DIRECTIONS FOR THIS TASK
No pictures go into the copy. Write out every line below exactly.

┄┄┄┄┄┄

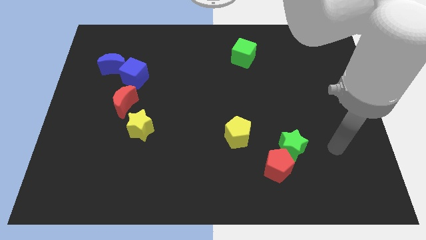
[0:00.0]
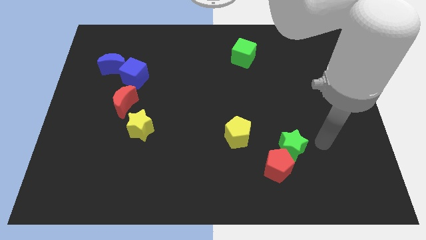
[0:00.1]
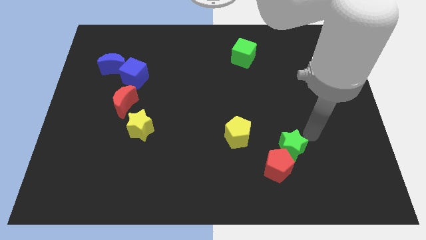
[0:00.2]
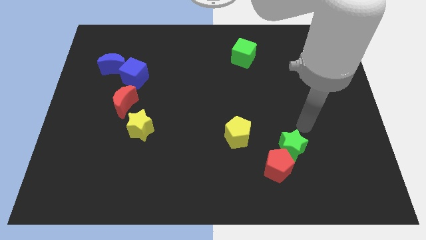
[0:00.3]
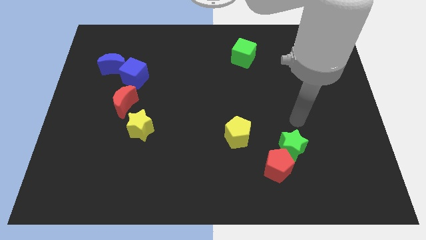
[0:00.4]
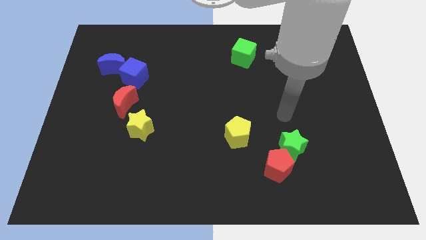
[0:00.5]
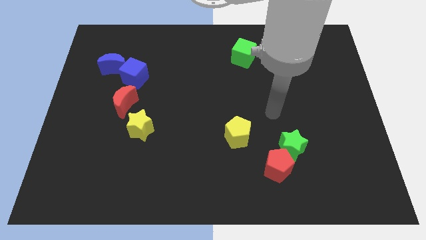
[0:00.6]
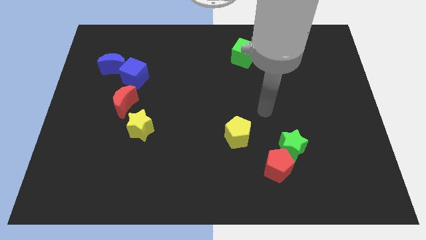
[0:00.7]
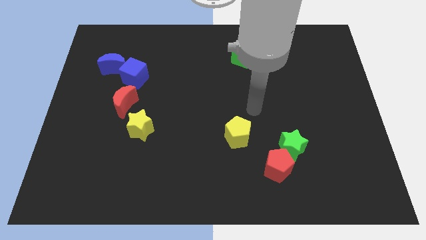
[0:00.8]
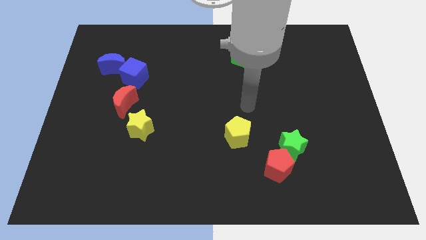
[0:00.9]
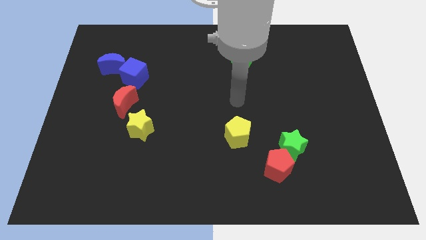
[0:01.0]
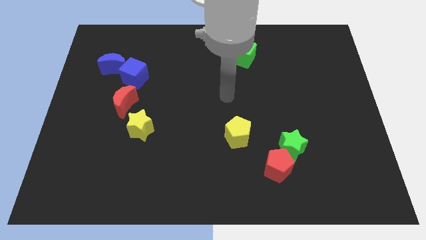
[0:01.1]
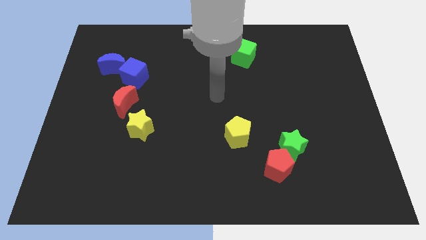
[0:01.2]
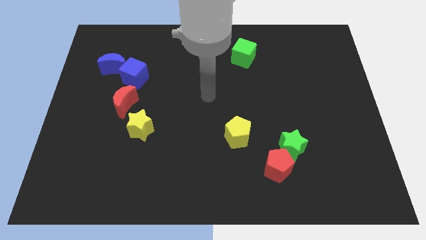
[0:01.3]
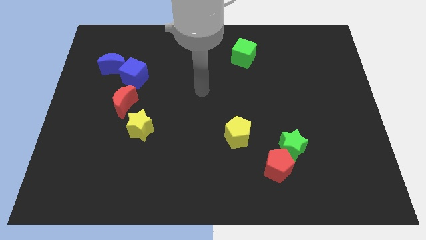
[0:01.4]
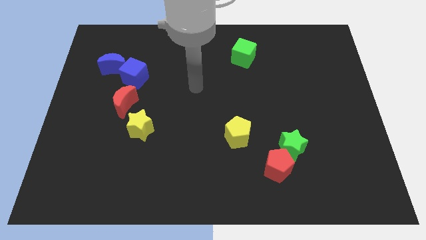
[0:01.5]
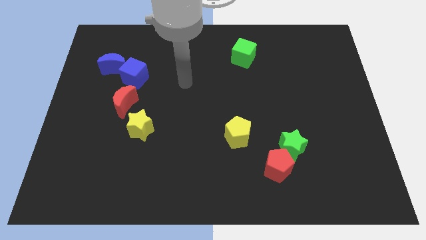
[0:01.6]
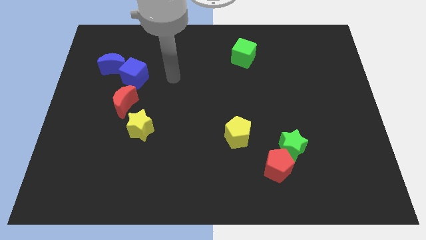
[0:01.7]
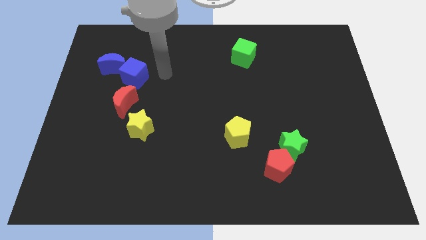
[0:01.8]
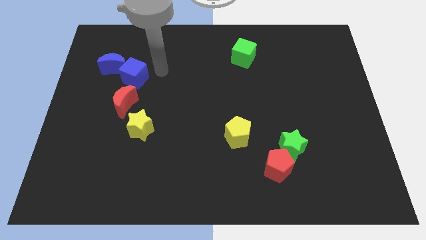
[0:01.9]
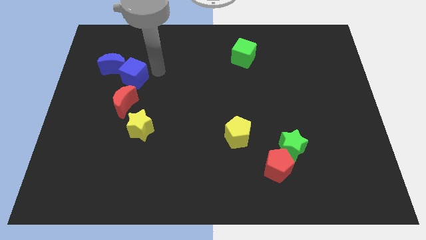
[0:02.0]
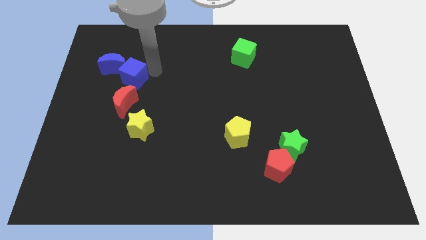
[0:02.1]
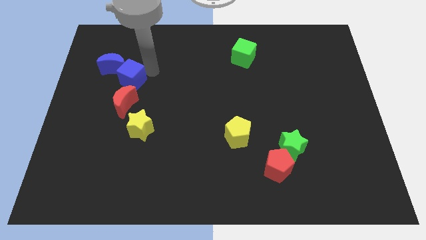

┄┄┄┄┄┄

YOUR RESPONSE
[0:00.0]
[0:00.1]
[0:00.2]
[0:00.3]
[0:00.4]
[0:00.5]
[0:00.6]
[0:00.7]
[0:00.8]
[0:00.9]
[0:01.0]
[0:01.1]
[0:01.2]
[0:01.3]
[0:01.4]
[0:01.5]
[0:01.6]
[0:01.7]
[0:01.8]
[0:01.9]
[0:02.0]
[0:02.1]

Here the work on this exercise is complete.